Two weeks ago, I had four precious 12-year-old girls, including my daughter, with me at the county fair. They were getting blue Icees and corndogs for the walk to the car and ride home. (1/21)
They were debating names for the goldfish they won at a carnival game. After a hard 2 years, it was a last breath of summer, full of lights and laughter. (2/21)
As we headed toward the front gate, 14 shots rang out right next to us followed by complete pandemonium. We knew instantly what it was. I grabbed them all and we ran as fast as we could to the back fence that encircles the fairgrounds. (3/21)
I took the girls behind a long row of RVs so they wouldn’t get trampled.
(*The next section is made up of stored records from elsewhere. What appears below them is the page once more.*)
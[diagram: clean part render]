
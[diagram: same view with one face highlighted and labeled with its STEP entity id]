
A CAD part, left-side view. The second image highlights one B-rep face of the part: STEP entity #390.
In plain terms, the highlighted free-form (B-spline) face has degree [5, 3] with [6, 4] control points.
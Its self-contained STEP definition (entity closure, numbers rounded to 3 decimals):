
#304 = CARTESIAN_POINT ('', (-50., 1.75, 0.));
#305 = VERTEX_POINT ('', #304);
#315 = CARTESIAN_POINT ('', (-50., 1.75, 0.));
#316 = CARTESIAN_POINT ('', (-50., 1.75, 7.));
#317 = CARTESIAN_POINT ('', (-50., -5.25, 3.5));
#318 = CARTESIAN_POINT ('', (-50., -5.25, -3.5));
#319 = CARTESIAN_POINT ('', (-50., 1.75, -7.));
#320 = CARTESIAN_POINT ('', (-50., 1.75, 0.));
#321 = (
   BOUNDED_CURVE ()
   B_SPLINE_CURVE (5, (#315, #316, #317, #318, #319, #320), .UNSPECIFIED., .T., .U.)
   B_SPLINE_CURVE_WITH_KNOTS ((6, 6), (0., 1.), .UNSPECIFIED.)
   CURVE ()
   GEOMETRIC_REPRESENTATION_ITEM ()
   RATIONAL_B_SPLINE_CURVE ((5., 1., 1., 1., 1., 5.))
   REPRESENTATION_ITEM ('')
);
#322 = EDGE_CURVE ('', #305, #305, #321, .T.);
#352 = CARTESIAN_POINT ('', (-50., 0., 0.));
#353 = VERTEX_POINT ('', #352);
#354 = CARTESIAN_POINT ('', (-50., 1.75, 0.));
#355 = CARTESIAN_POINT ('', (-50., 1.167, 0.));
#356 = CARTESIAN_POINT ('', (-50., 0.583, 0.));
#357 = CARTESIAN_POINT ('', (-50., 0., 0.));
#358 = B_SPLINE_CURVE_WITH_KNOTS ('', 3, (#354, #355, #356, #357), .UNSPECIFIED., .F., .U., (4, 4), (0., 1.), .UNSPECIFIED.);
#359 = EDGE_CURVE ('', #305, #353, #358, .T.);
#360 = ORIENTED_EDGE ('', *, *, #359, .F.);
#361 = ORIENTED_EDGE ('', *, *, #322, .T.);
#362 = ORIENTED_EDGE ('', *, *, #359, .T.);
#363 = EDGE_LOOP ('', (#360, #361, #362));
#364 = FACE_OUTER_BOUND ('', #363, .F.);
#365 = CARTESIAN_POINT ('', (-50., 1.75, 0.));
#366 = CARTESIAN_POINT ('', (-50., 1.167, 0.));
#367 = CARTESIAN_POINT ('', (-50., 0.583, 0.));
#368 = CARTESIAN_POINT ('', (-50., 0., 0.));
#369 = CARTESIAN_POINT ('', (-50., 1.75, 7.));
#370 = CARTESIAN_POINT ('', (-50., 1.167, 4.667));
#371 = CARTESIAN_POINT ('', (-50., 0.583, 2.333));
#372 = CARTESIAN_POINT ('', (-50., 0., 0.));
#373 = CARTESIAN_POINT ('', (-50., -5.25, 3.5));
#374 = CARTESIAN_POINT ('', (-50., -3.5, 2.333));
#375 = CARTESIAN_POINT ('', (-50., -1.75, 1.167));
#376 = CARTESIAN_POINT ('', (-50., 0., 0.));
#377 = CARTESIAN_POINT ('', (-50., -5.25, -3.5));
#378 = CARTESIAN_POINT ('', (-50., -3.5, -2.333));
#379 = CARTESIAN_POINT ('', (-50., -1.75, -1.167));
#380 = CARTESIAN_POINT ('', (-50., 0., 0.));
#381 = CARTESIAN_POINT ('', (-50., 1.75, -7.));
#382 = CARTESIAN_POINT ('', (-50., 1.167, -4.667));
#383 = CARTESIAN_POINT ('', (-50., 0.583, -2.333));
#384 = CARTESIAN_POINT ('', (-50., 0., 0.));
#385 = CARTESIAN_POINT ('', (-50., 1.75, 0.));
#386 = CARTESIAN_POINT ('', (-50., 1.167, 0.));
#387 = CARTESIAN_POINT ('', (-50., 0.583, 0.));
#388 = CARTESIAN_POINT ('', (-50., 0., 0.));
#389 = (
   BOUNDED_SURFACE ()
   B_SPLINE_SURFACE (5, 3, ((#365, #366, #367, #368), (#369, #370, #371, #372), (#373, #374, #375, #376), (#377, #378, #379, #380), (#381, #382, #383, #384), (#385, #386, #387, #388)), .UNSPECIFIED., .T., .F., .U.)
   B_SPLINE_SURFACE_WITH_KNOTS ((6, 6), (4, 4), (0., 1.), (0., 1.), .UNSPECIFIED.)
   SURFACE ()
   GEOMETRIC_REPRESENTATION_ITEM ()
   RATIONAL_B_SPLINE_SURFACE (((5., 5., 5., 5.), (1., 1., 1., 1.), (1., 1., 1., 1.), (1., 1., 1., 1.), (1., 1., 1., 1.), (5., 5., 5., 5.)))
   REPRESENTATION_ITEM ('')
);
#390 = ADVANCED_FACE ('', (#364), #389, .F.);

I told them to get behind me in a single file line, and I promised I would get them out a back exit I had noticed a few years ago. (4/21)
Grown men were running holding strollers over their heads. Young kids separated from parents were vomiting; older kids were trying to scale the razor-wire fence to get to the interstate. Others were stuck on rides and screaming for help. (5/21)
We ran and ran and ran, until we were past the panicked stampede, past the speeding, fleeing cars, past the sounds of sirens and trucks backfiring, and into the darkness. (6/21)
The night grew quiet except for their terrified sobs, and then, finally, we came upon a little church. I called my husband and dropped a pin so he could find us. (7/21)
With trembling hands, I called my daughter’s friends’ parents. I checked on a lone, crying teenager sitting on the ground across the parking lot who was trying to reach her mom to come get her. (8/21)
And as the news of the active shooter hit the airwaves, our phones blew up with texts. The girls began hyperventilating as they anxiously awaited news of other friends. The only thing coming faster than their breaths were their gut-wrenching questions and concerns. (9/21)
They realized they’d dropped their Icees, their corndogs, and the goldfish. They were worried about me leaving my Jeep. They were worried about how worried their moms would be. Would they ever go to a fair again? What if they hadn’t been with me? The minutes crawled by. (10/21)
When my husband arrived, we piled in the car, and they clung to each other as we sped away. Their families were waiting in my driveway, and I watched each girl collapse in their parent’s arms. (11/21)
I walked into my house and then straight out the backdoor and threw up off my deck. I got a glass of water from the kitchen and and then went back to the front yard to talk to the parents and hug the girls. (12/21)
When the last one drove away, I sat down right in the middle of the driveway and lost it. I know it could have been so much worse, yet it still felt so terrible. (13/21)
Then I got up & went inside to check on my own daughter & to tell her how proud I was of her. We turned on the stove to make her some mac & cheese. We snuggled our dogs on the couch until the wee hours of the morning. We tried not to look at the news or snapchat rumors.(14/21)
Even though I’ve cared about this issue, worried about this issue, and fought for common sense gun reforms and safe schools, all I could think of that night and now is how gravely I have underestimated the trauma of the running. (15/21)
And then I thought about the families in this country who live this trauma day in & day out. I thought about what our kids must feel like as they run through active shooter drills at school. I knew all of this intellectually, but good lord, I was/am so naive emotionally. 16/21)
Days later, we learned it was likely a targeted shooting.
14 shots but the victim survived.
Both the shooter and victim were juveniles.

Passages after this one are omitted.